Licensing and update channels become central — a local model that’s easy to copy also needs an easy update story for safety patches.

World

Cloudflare Turnstile now requires fingerprintable WebGL

Why this matters now: Cloudflare’s Turnstile has begun relying on a WebGL signal that is fingerprintable, potentially blocking users who disable WebGL and increasing tracking surface across sites using Turnstile.

Cloudflare’s CAPTCHA replacement, Turnstile, now uses a WebGL‑derived signal as part of its human‑bot heuristics. That signal is attractive because GPU/WebGL states are rich device identifiers, but the change creates a privacy‑vs‑UX tension: users who disable WebGL for privacy, older devices, or locked‑down browsers may be denied verification; and the web nudges toward a fingerprinting arms race. Hacker News debate split between pragmatic defenders who want fewer interactive CAPTCHAs and privacy advocates warning of centralizing trust in Cloudflare’s heuristics and enlarging tracking surfaces. Read more at the hacktivis.me writeup.

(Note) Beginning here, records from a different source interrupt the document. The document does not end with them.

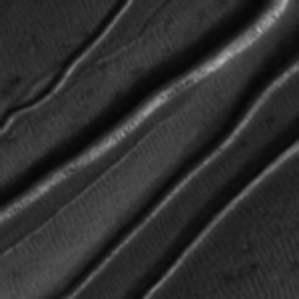
Label: frost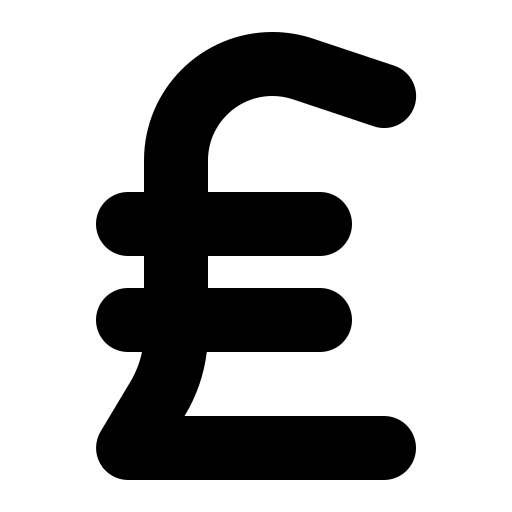
Tags: icon, FontAwesome, fa-icon, solid, lira, sign
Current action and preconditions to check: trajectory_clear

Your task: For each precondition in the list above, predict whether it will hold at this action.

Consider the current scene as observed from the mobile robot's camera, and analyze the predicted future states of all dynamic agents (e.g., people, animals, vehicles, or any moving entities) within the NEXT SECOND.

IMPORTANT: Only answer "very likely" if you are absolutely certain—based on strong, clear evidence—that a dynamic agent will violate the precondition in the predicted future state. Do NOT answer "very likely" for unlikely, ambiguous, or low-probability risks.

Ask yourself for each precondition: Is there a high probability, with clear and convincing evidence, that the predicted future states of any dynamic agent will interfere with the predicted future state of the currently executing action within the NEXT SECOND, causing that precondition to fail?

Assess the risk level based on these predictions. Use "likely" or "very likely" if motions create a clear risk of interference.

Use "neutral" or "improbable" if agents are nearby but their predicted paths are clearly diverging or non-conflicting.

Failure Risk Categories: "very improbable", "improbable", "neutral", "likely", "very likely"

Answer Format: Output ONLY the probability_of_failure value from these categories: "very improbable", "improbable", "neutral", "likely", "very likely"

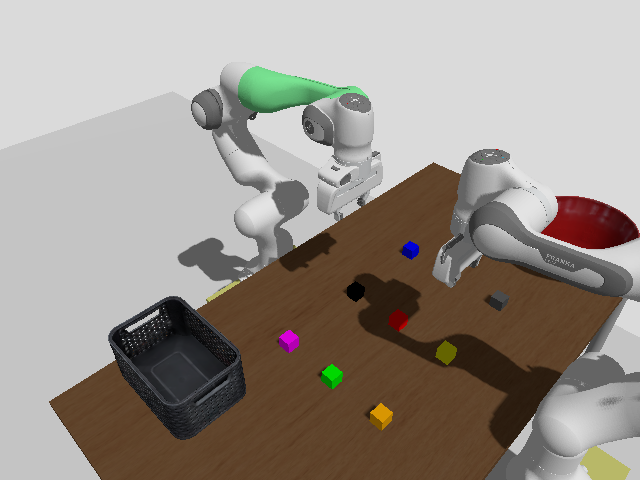

Answer: improbable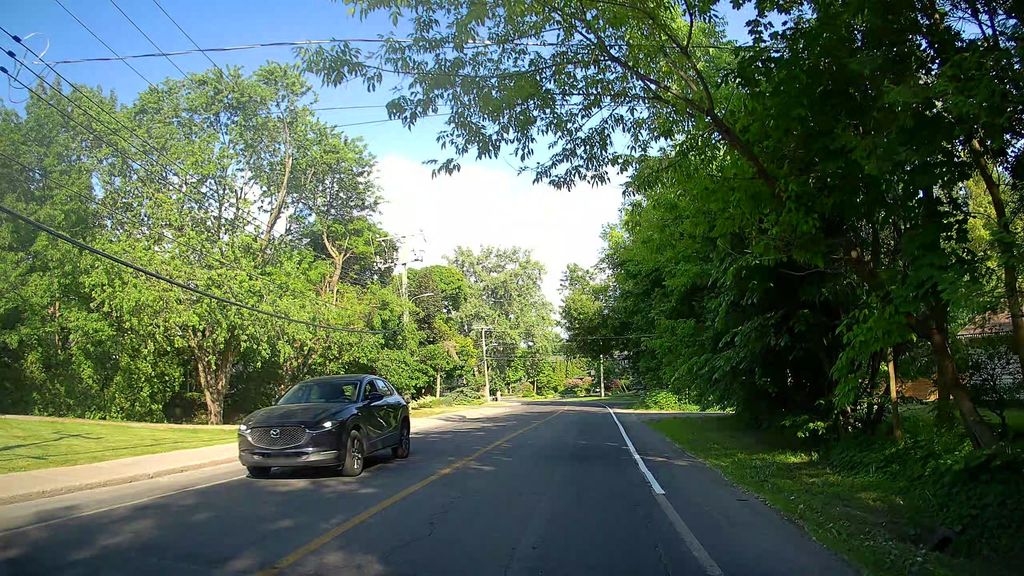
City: montreal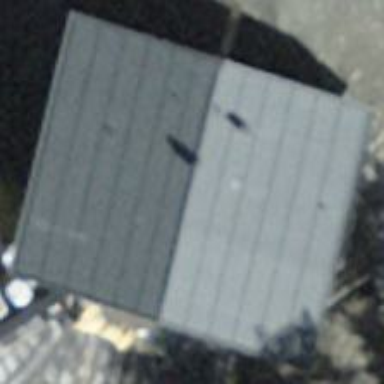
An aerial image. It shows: Gabled house with metal roof colored dimgray.
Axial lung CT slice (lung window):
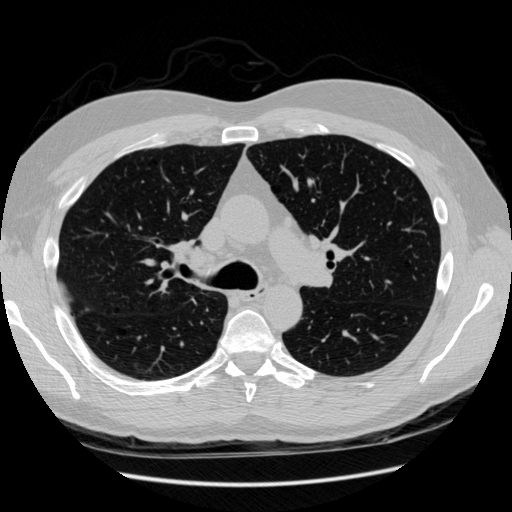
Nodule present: no

Why it matters now: site operators should audit whether Turnstile is acceptable for their user base and consider alternatives for privacy‑sensitive audiences. Browser vendors and extension authors should note they may need to handle degraded UX for users who block WebGL.

United Airlines flight returns after Bluetooth name triggers alert

Why this matters now: A United Airlines 767 returned to Newark after crew detected a discoverable Bluetooth device named "BOMB" — later identified as a teenager’s Fitbit — highlighting how low‑tech signals can trigger large security responses.

Flight UA236 turned back roughly an hour after takeoff when crew and ATC noticed a discoverable Bluetooth device broadcasting a threatening name. Flight attendants demanded Bluetooth be turned off; with two active devices remaining, the crew squawked 7700 and declared an emergency. Passengers were re‑screened and delayed nine hours; the device was later deemed not a threat. Reporting and reaction are collected at the Simple Flying article.

Why it matters now: operators of public venues and transport should expect that beacon names and SSIDs can cause outsized responses. Simple mitigations — educating passengers, scanning for beacons during security, and adjusting response protocols — can reduce costly overreactions without compromising safety.

The Bottom Line

A live exploit and practical on‑device models together sketch two futures: one where poorly sandboxed agents can silently drain enterprise data, and another where powerful models live on end‑user hardware. Both trends move authority away from opaque centralized systems — for good or ill — and put the burden on engineers to lock down runtimes, rethink privilege boundaries, and design safe update paths.